AI is a “revolution” where the promise is that nobody will have to do meaningless work anymore ( I guess).
The only problem is right now basically everyone has to do work meaningful or “meaningless” because the dominant thinking requires it for human survival. Weird how most people aren’t happy for the thing that is pitched to take away the meager scraps they get under the current regime.
> A blade of grass has more humanity and is more deserving of respect than anything being referred to as AI does.
Emphatically disagree.
Even ignoring the obvious absurdity in this statement by pointing out that an LLM is emulating a human (quite well!) and a blade of grass is not:
I don't trust any human who can interact with something that uses the same method of communication as a human, and for all intents and purposes communicates like a human, and not feel any instinct to treat it with respect.
This is the kind of mindset that leads to dehumanizing other humans. Our brain isn't sophisticated enough to actually compartmentalize that - building the habit that it's right to treat something that talks like a sapient as if it deserves zero respect is going to have negative consequences.
Sure, you can believe it's a just a tool, and consciously let yourself treat it as one. But treat it like an incompetent intern, not a slave.
1 reply →
Whether you view the question as nonsensical, the most simple example of a riddle, or even an intentional "gotcha" doesn't really matter. The point is that people are asking the LLMs very complex questions where the details are buried even more than this simple example. The answers they get could be completely incorrect, flawed approaches/solutions/designs, or just mildly misguided advice. People are then taking this output and citing it as proof or even objectively correct. I think there are ton of reasons this could be but a particularly destructive reason is that responses are designed to be convincing.
You _could_ say humans output similar answers to questions, but I think that is being intellectually dishonest. Context, experience, observation, objectivity, and actual intelligence is clearly important and not something the LLM has.
It is increasingly frustrating to me why we cannot just use these tools for what they are good for. We have, yet again, allowed big tech to go balls deep into ham-fisting this technology irresponsibly into every facet of our lives the name of capital. Let us not even go into the finances of this shitshow.
Yeah people are always like "these are just trick questions!" as though the correct mode of use for an LLM is quizzing it on things where the answer is already available. Where LLMs have the greatest potential to steer you wrong is when you ask something where the answer is not obvious, the question might be ill-formed, or the user is incorrectly convinced that something should be possible (or easy) when it isn't. Such cases have a lot more in common with these "nonsensical riddles" than they do with any possible frontier benchmark.

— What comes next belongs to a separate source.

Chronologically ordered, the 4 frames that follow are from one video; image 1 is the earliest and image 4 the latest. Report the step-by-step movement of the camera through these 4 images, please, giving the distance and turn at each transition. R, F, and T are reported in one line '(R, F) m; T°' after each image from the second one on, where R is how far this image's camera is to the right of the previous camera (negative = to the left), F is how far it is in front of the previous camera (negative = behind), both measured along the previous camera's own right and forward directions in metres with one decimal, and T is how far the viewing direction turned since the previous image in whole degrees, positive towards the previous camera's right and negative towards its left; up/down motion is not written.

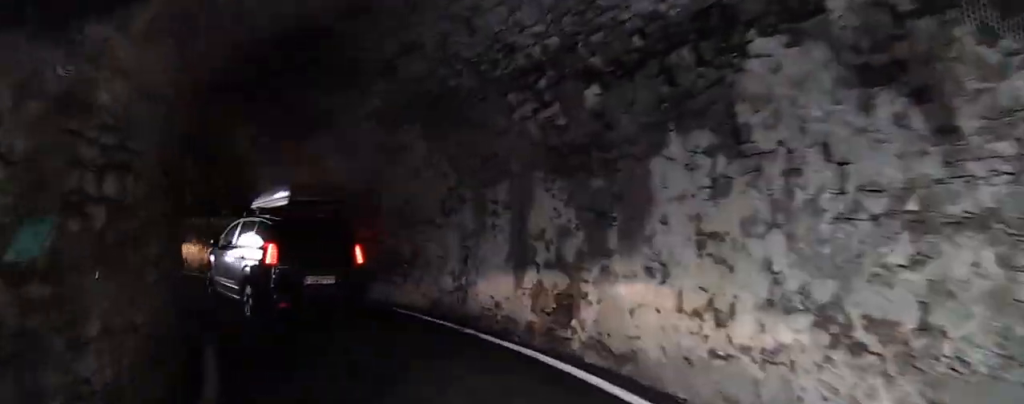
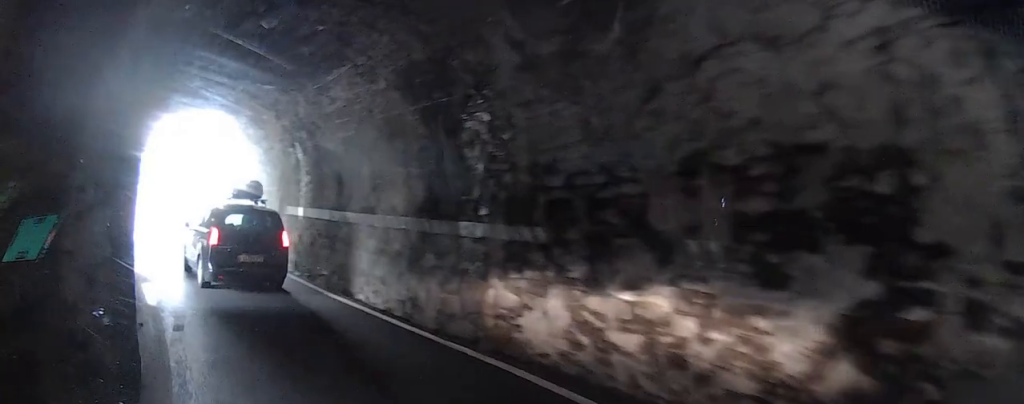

This is especially obvious when viewing the reasoning trace for models like Claude, which often spends a lot of time speculating about the user's "hints" and trying to parse out the intent of the user in asking the question. Essentially, the model I use for LLMs these days is to treat them as very good "test takers" which have limited open book access to a large swathe of the internet. They are trying to ace the test by any means necessary and love to take shortcuts to get there that don't require actual "reasoning" (which burns tokens and increases the context window, decreasing accuracy overall). For example, when asked to read a full paper, focusing on the implications for some particular problem, Claude agents will try to cheat by skimming until they get to a section that feels relevant, then searching directly for some words they read in that section. They will do this even if told explicitly that they must read the whole paper. I assume this is because the vast majority of the time, for the kinds of questions that they are trained on, this sort of behavior maximizes their reward function (though I'm sure I'm getting lots of details wrong about the way frontier models are trained, I find it very unlikely that the kinds of prompts that these agents get very closely resemble data found in the wild on the internet pre-LLMs).